New innovations are bringing healthcare directly to the consumer during the pandemic.
While the pandemic is exaggerating issues of disaggregation and lack of coordination in healthcare, it’s simultaneously accelerating new ways of bringing healthcare directly to the consumers. Finding the right ways to bring care to the patient, rather than the patient to the care, will continue to trend as we seek to create interconnectivity within healthcare.
In our last panel, Anna Youngerman (Chief Value Officer at Children’s Minnesota), Mike Cantor (MD, JD at Bright Health), and Aliza Bach (VP of Strategy at Prospero Health) shared how to overcome new barriers in care and the immediate and long-term implications COVID will have on our healthcare system.
It’s impossible to discuss any topic in healthcare today without addressing the impact of COVID.
Everything is impacted by COVID – people, culture, service delivery, and more. Beyond the business, it’s a time of significant impact to humanity, which is imperative for everyone in the industry to keep in mind.
Providers experienced an increased need in palliative services and clinical coordination, particularly for elderly and at-risk individuals. Both groups face issues associated with isolation, which demanded a rapid response to meet their needs and bring care directly to their homes.
COVID uncovered more issues than it caused, but the system will emerge stronger and better due to working on those issues. We will continue to advance positive changes, like bringing care to the patient, and eliminate barriers to necessary care.
INNOVATION IN BRINGING HEALTHCARE TO THE CONSUMERS
The timeline to implement new ideas has shortened drastically during the pandemic.
The pandemic accelerated ideas and forced the healthcare industry to be nimbler. Companies moved from contemplating ideas on a three to five-year planning cycle to implementing weekly.
Pediatrics tends to lag adult system care, and they pushed to stand up innovative models quickly.

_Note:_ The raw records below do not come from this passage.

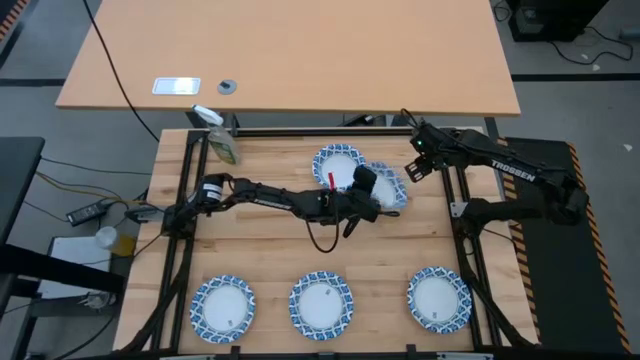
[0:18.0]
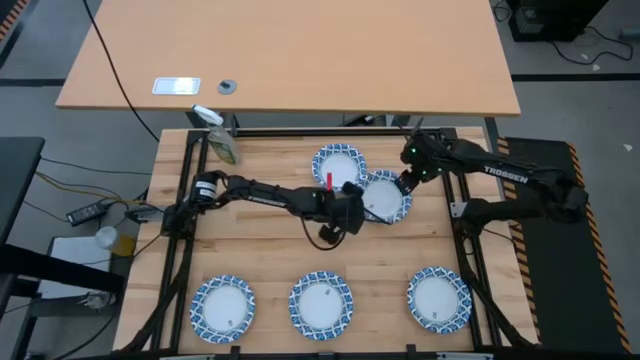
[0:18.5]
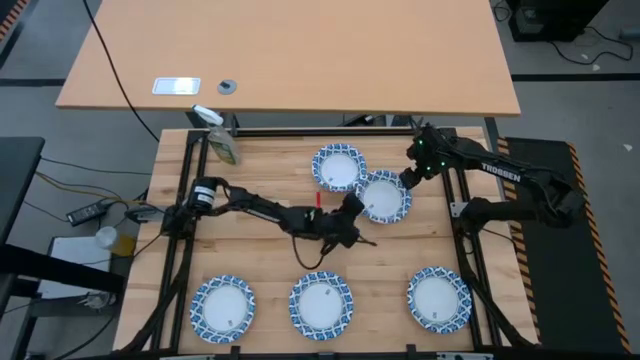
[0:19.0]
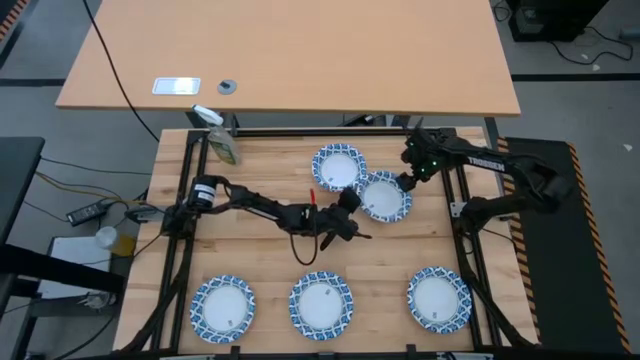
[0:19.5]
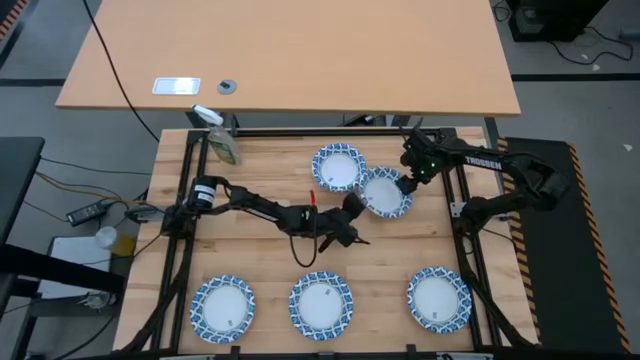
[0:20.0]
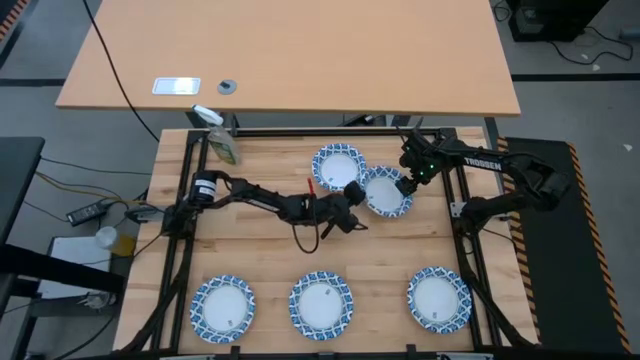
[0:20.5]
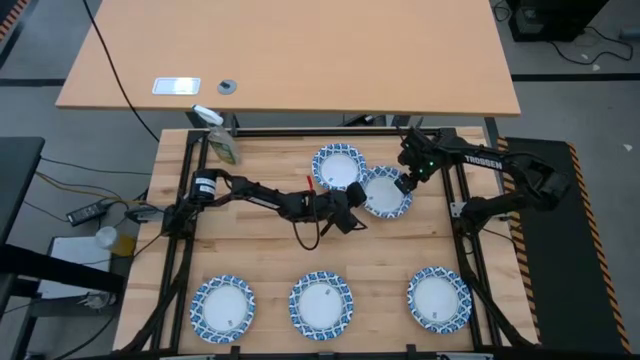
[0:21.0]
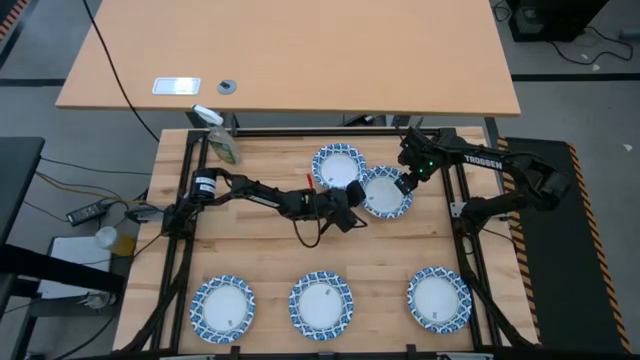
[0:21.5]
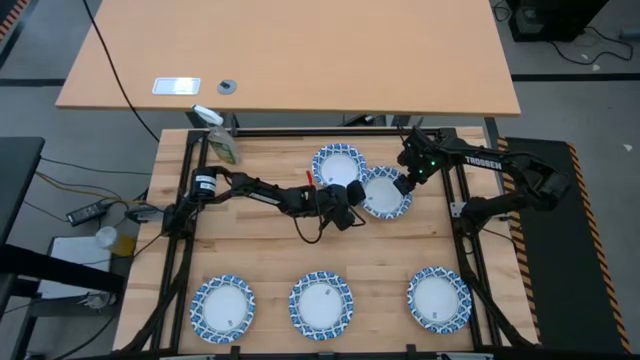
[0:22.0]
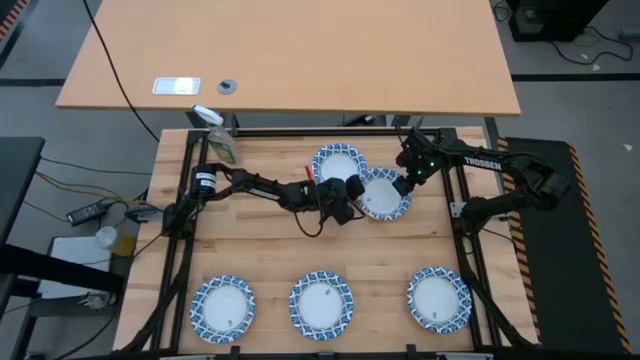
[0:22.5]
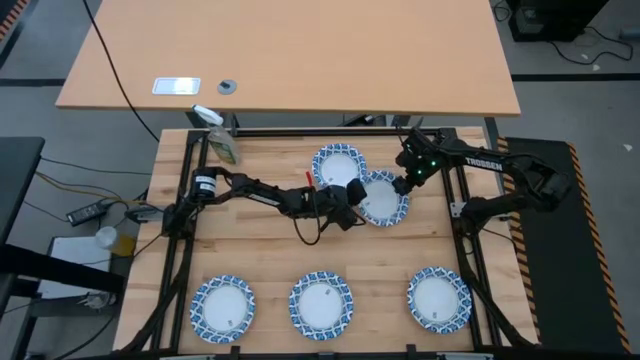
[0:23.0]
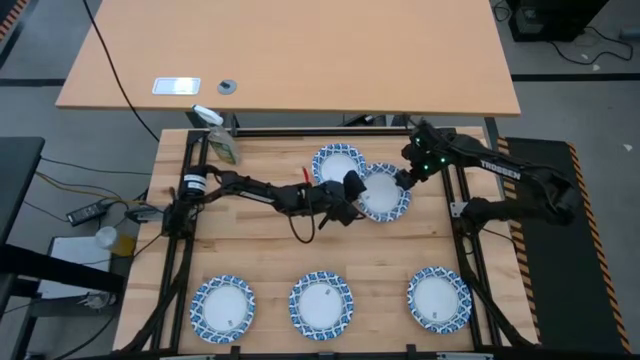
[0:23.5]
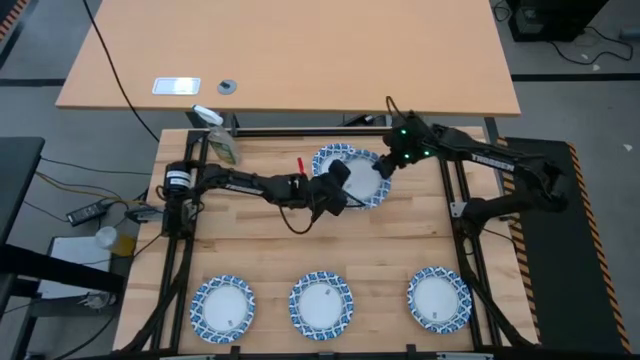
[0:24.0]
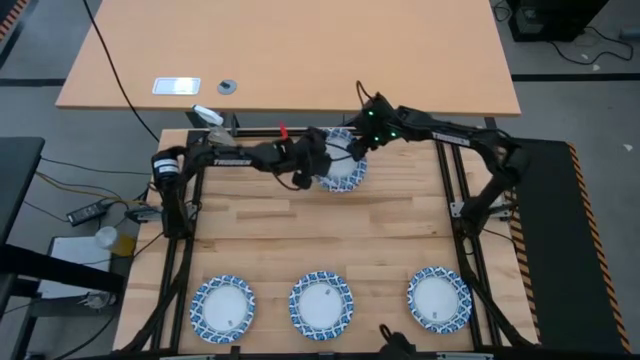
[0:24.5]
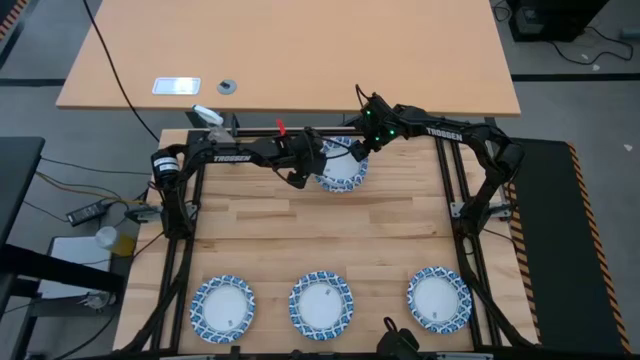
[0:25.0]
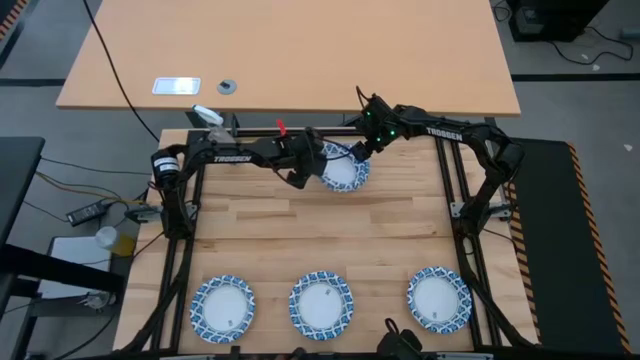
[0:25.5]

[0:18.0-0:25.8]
Stack the blue white patterned bowl on top of the other blue white patterned bowls

Children’s Minnesota saw a 4,700% increase in telehealth visits over the span of weeks.
Laying eyes on people at-risk is critical, especially in elderly care. Prospero Health evaluated technology to deploy for elderly patients and launched a partnership with GrandPad, offering custom tablets to meet patient needs.

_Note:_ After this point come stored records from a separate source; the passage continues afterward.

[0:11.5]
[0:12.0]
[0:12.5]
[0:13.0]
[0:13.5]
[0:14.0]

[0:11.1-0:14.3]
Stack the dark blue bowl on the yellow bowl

CMS made changes to telehealth payment regulations, which accelerated changes in telehealth and gave providers more flexibility.
MENTAL HEALTH MATTERS
All of us deal with mental health in some capacity.
While behavioral health needs have spiked during the pandemic, access to care is increasing, as well!
There’s stronger recognition of the need for mental health care integration in primary care. The interconnectivity between mental health support and wellbeing is coming to the forefront.
Isolation isn’t good for anyone – including children. We see higher acuity experience in terms of acute mental health crises at young ages.
Telehealth is an excellent platform for mental health concerns– there are fewer no-shows and better access. However, technology isn’t the goal; it’s merely the tool. The goal is to ensure people get what they need in a way they value.
Consumers push back on price.
The cost structure for brick-and-mortar-based care is inherently different if you can push more volume to virtual care. However, the healthcare system needs to make plans in context instead of basing it on an anomalous year.
All consumers are bearing the cost burden now and overpaying for video services. The day is approaching where that will not be tenable, and the industry will analyze and drive down personnel cost.
When consumers visit in-person, there’s revenue from ancillary services. You can’t get labs drawn or have mobile x-rays today, but that will change! There is a greater focus on home-based care. If you save money by shutting down buildings and deploying remotely, you shift the savings to the home infrastructure.
The pandemic is accelerating access to innovative services that bring healthcare directly to the consumer, including telehealth and home-based care. At-risk and elderly patients drive the need for rapid changes to combat issues of isolation associated with pandemic living. While it’s unclear what our reality looks like post-pandemic, we expect many care delivery advancements will stick around and positively change payment structures in the future.